朝、丁寧に整えたはずの髪が、駅に着く頃にはもうふくらんでいる。アイロンでまっすぐにしたのに、昼にはうねりが戻っている。梅雨の髪悩みは、努力不足のせいではありません。湿気と髪の関係には、はっきりとした「ワケ」があります。今回は、うねり・広がり・パサつきが起こる仕組みをひも解きながら、同じく蒸し暑い雨季を持つ韓国のヘアケア文化に学ぶ、梅雨の整え方をご紹介します。

なぜ梅雨に髪は乱れるのか──湿気と髪の関係

髪の主成分であるケラチンタンパク質は、もともと水分を吸いやすい性質を持っています。空気中の湿度が上がると、髪は周囲の水分を吸い込み、内部で形を支えている結合の一部がほどけて組み替わります。これが、うねりや広がりの正体です。
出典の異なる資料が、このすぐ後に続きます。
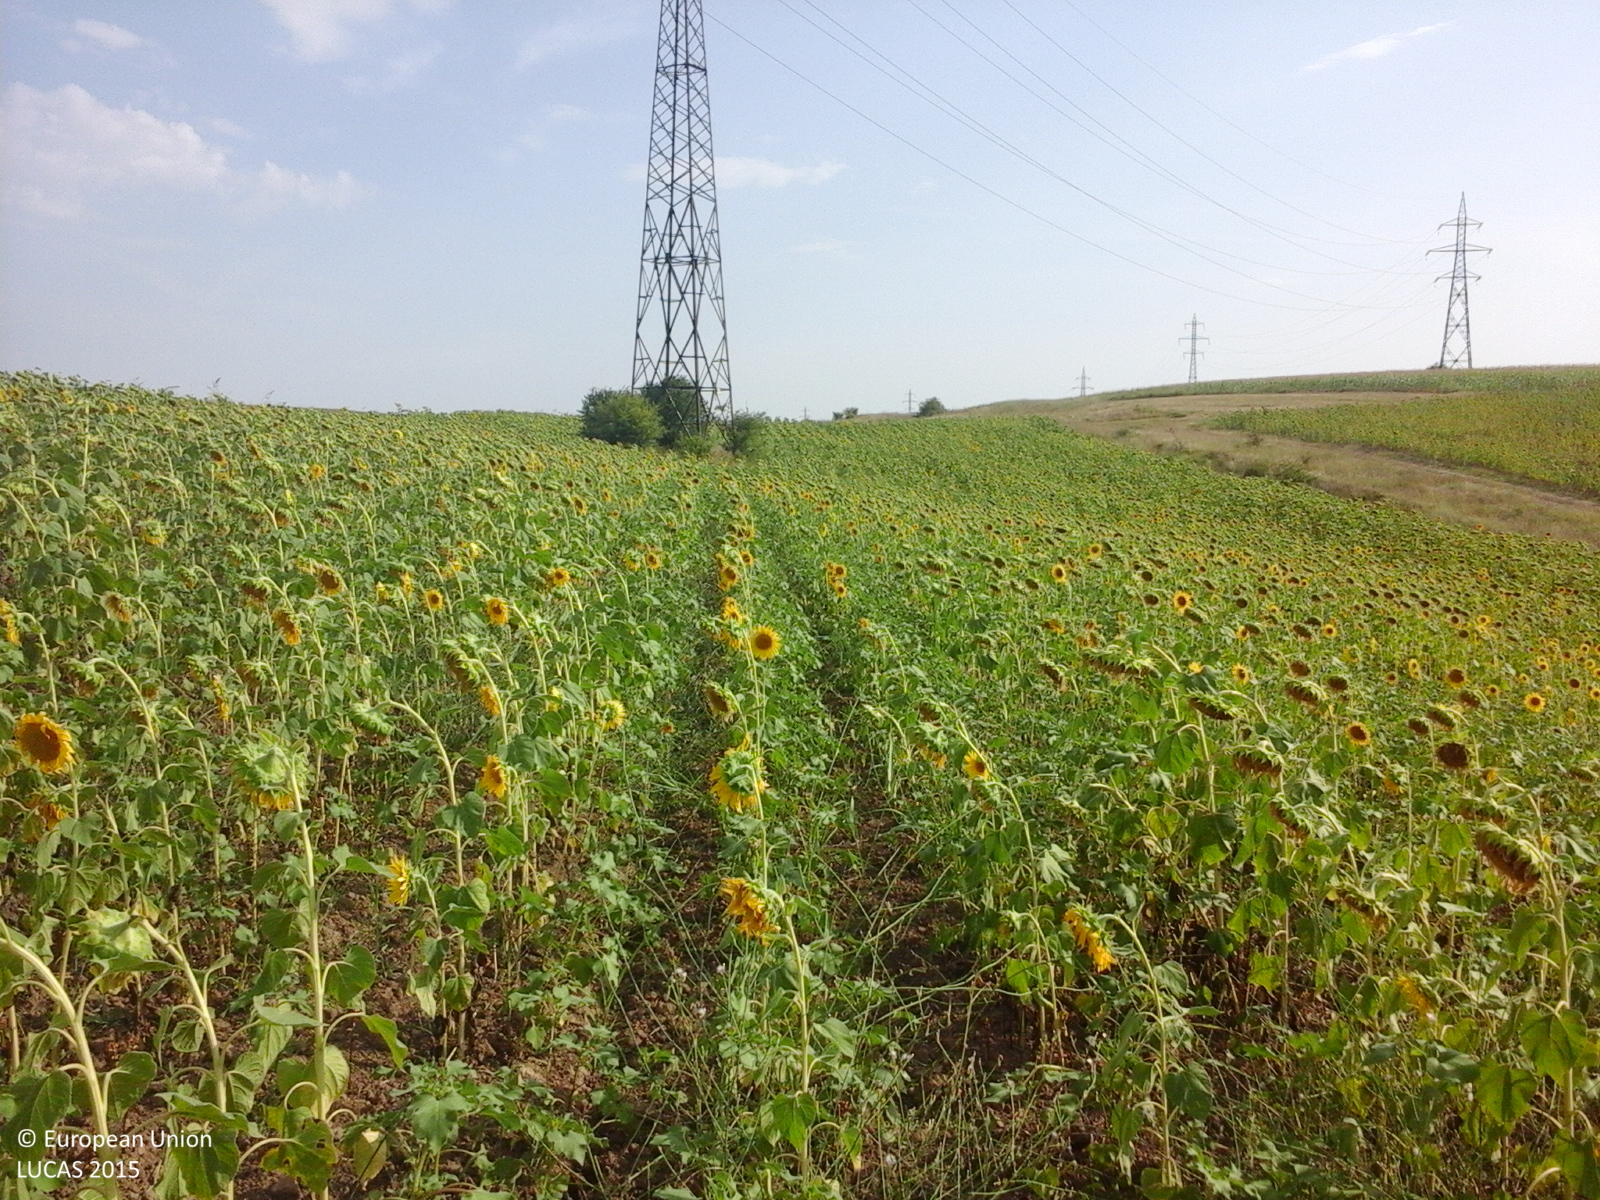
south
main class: Cropland
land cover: Sunflower
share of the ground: > 75 %
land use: Agriculture (excluding fallow land and kitchen gardens)
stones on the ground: < 10 %
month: August
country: RO
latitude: 44.2104
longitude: 27.9366

ここで重要なのが、髪は「均一に」水分を吸うわけではないということ。カラーやアイロンなどでダメージを受けた部分はキューティクルが開いており、そこから集中的に水分が入り込みます。健康な部分とダメージ部分とで吸湿量に差が生まれ、髪の中の水分バランスが崩れる──その「ムラ」こそが、梅雨特有の広がりやうねりを引き起こすのです。つまり、湿気に振り回されやすい髪とは、内部の水分保持力が落ち、表面のキューティクルが乱れた髪。梅雨の髪悩みの本質は、湿気そのものではなく、髪のコンディションにあります。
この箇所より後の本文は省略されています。